Black Lives Matter President Latonya Goldsby also spoke at the meeting and told the committee she believes ShotSpotter technology, designed to detect gunfire and quickly dispatch police to the scene, is not significantly effective in deterring gun-related crime.

“ShotSpotter does not keep us safe from gun violence, this is just another reactionary tool for law enforcement to play with while increasing police surveillance in Black communities," Goldsby said. "I encourage you to cancel the contract and kick ShotSpotter out of our communities.”

But, recently appointed Cleveland Chief of Police Dorothy Todd and interim Safety Director Wayne Drummond shared their support for the ShotSpotter system with safety committee members. Both pointed to data that indicated the technology saved an estimated 37 lives since 2022 by getting police and crucial medical assistance to gunshot victims more quickly.
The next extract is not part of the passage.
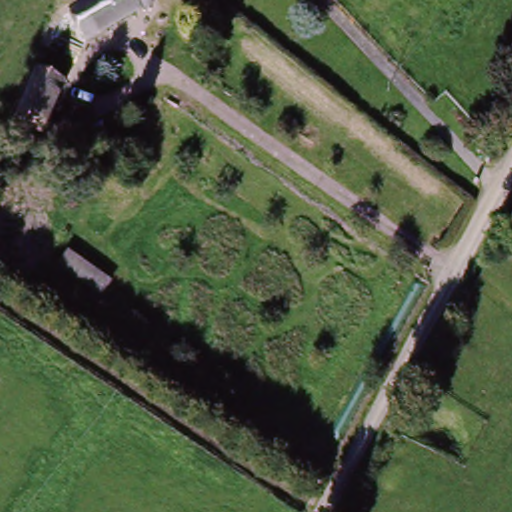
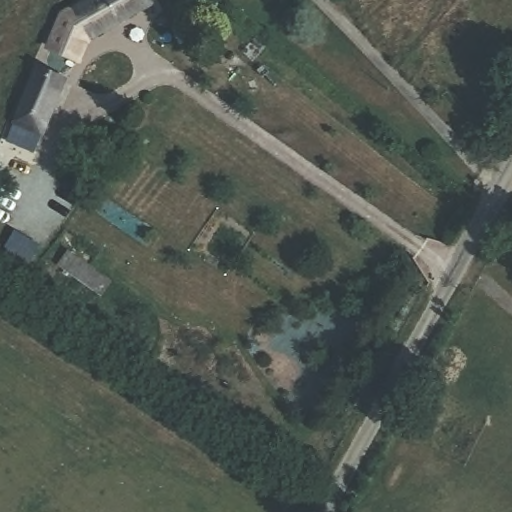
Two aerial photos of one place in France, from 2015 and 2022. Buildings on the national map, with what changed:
unchanged [(82,37),(68,11),(88,0),(143,0),(144,2),(82,37)]
unchanged [(40,125),(16,115),(37,67),(61,78),(40,125)]
unchanged [(55,274),(60,260),(109,278),(104,291),(55,274)]

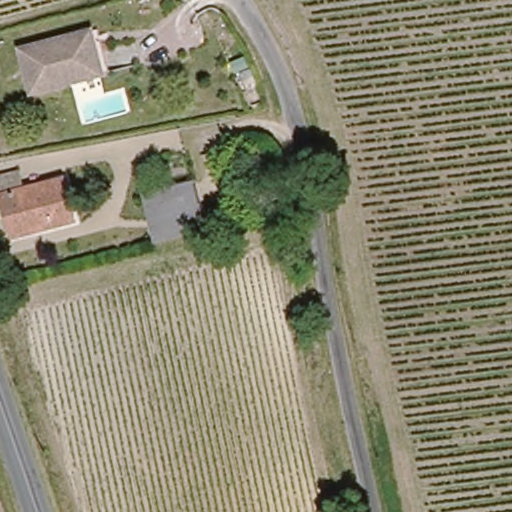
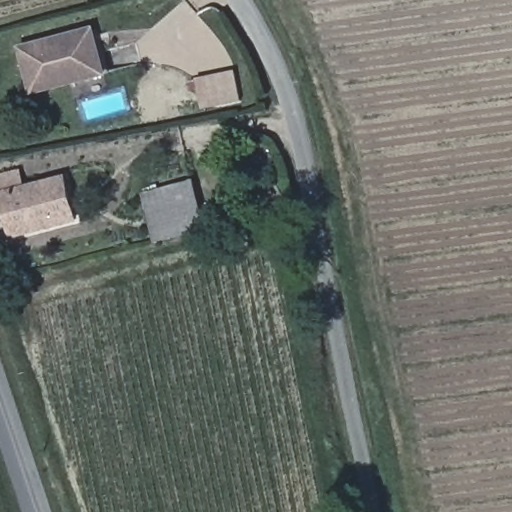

Cleveland Police Public Information Officer Sgt. Wilfredo Diaz told News 5 that while the system is still under evaluation, it's clear it's working in the 13 square miles currently under surveillance.

“When we get this information we’re seeing some promising results," Diaz said. “This an investigative tool that we are going to utilize, but we don’t want folks to think that they don’t have to call 9-1-1 anymore."

Diaz said there is no disputing the numbers the police department is collecting.

"It's saving lives, I don’t know that you can put a price tag on someone’s life, whether it’s one life or 37 lives," Diaz said. "We as a division are committed to the safety of our community.”

Still, Harsh said he's looking forward to the results of a study in the coming months, he said will be conducted by Cleveland State University, on the effectiveness of the ShotSpotter system. Harsh is hoping the study will drill down on the data.

“We don’t know if there were 9-1-1 calls involved in those situations, we don’t know if police were near-by to begin with, we don’t know if there were other circumstances that led to those lives being saved," Harsh said. “Cleveland would be better served if it had more license plate readers at major intersections, particularly in Old Brooklyn where we have a problem with Parma Police chasing suspects into the Old Brooklyn neighborhood. We don’t have license plate readers at Brookpark and Broadview, or Brookpark and State, or Brookpark and Pearl.”

News 5 will follow through on this developing story.